# COLLECTED DATA
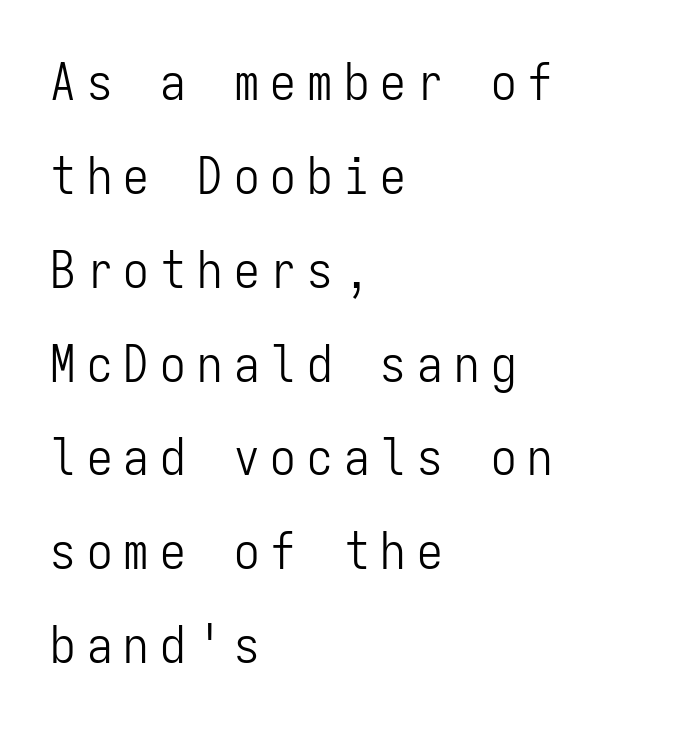
The image shows 51 px light, condensed sans-serif type, upright, monospaced; set left-aligned, line spacing 1.84x, unusually wide letter spacing (+0.22 em), not underlined; low stroke contrast and a medium x-height.
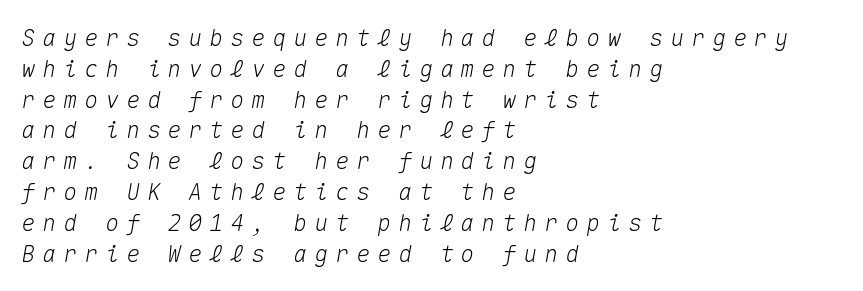
The image shows 23 px text type, italic (leaning right); set left-aligned, normal line spacing (1.34x), unusually wide letter spacing (+0.31 em), not underlined.
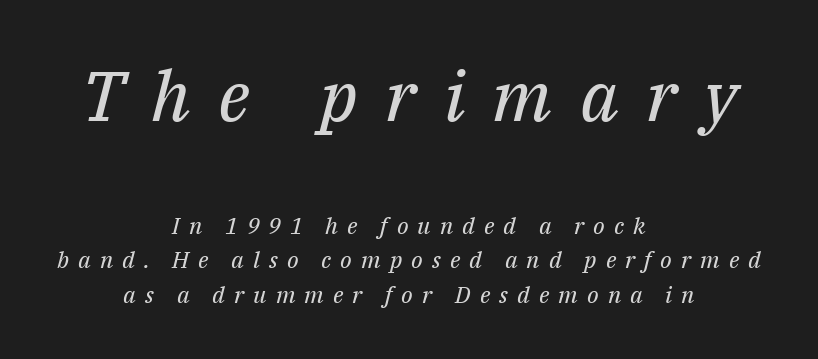
{"serif": "yes", "italic": "yes", "lean": "right", "slant_degrees": 14, "bold": "no", "weight": "regular", "width": "normal", "stroke_contrast": "medium", "x_height": "medium", "monospaced": "no", "underline": "no", "align": "center", "line_spacing": "normal", "line_spacing_ratio": 1.5, "letter_spacing": "wide", "letter_spacing_em": 0.39, "larger_block": "first", "size_ratio": 3.04, "glyph_px": 70}
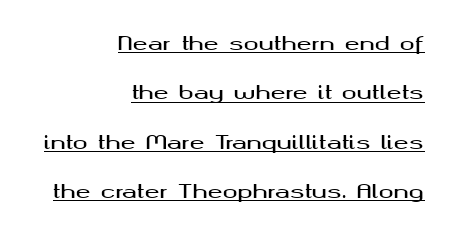
The image shows 20 px text type, upright; set right-aligned, loose line spacing (2.47x), normal letter spacing, underlined.
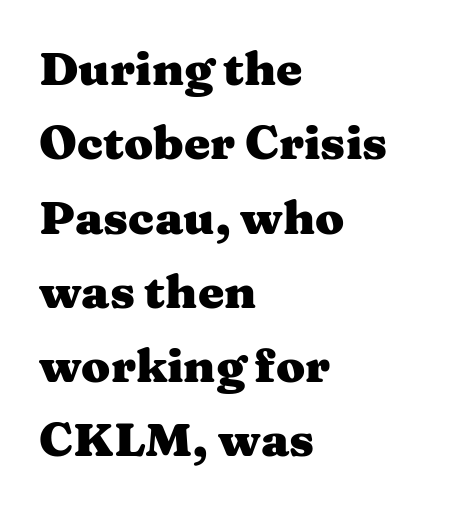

# TASK INSTRUCTIONS
A complete answer gives every line of the data that includes "text".

# SOLUTION TO THIS PROBLEM
The image shows 23 px text type, italic (leaning right); set left-aligned, normal line spacing (1.34x), unusually wide letter spacing (+0.31 em), not underlined.
The image shows 20 px text type, upright; set right-aligned, loose line spacing (2.47x), normal letter spacing, underlined.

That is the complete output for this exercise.